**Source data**
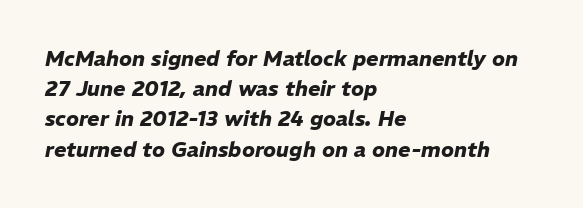
Slanted lettering throughout. Caption: standard tracking, unaltered. Normally led — the rows are evenly, conventionally spaced. The rendering uses a bold face; every stroke is thick and dark. Letters rest on an invisible, unmarked baseline.
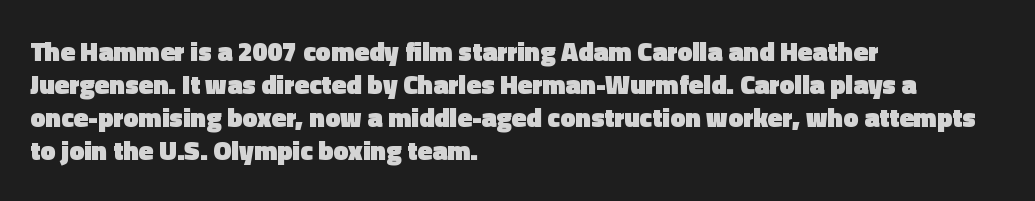
Q: Is the text bold? A: Yes.
Q: Is the text italic (slanted)? A: No, it is upright.
Q: Is the text underlined? A: No.
Q: How is the paragraph aligned? A: Left-aligned.
Q: Is the spacing between letters normal or unusually wide? A: Normal.
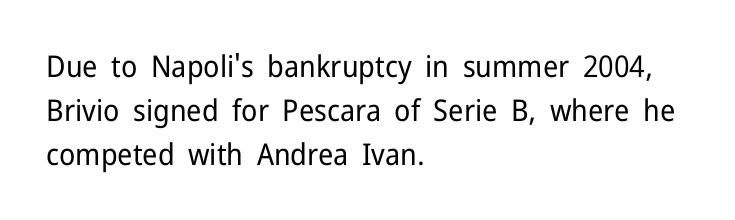
The image shows 30 px regular-weight sans-serif type, upright; set left-aligned, normal line spacing (1.46x), normal letter spacing, not underlined; low stroke contrast and a medium x-height.

**PROMPT**
Only the words belong in your copy: restate the data above exactly and leave the images out.

**EXERCISE RESULT**
Slanted lettering throughout. Caption: standard tracking, unaltered. Normally led — the rows are evenly, conventionally spaced. The rendering uses a bold face; every stroke is thick and dark. Letters rest on an invisible, unmarked baseline.
Q: Is the text bold? A: Yes.
Q: Is the text italic (slanted)? A: No, it is upright.
Q: Is the text underlined? A: No.
Q: How is the paragraph aligned? A: Left-aligned.
Q: Is the spacing between letters normal or unusually wide? A: Normal.
The image shows 30 px regular-weight sans-serif type, upright; set left-aligned, normal line spacing (1.46x), normal letter spacing, not underlined; low stroke contrast and a medium x-height.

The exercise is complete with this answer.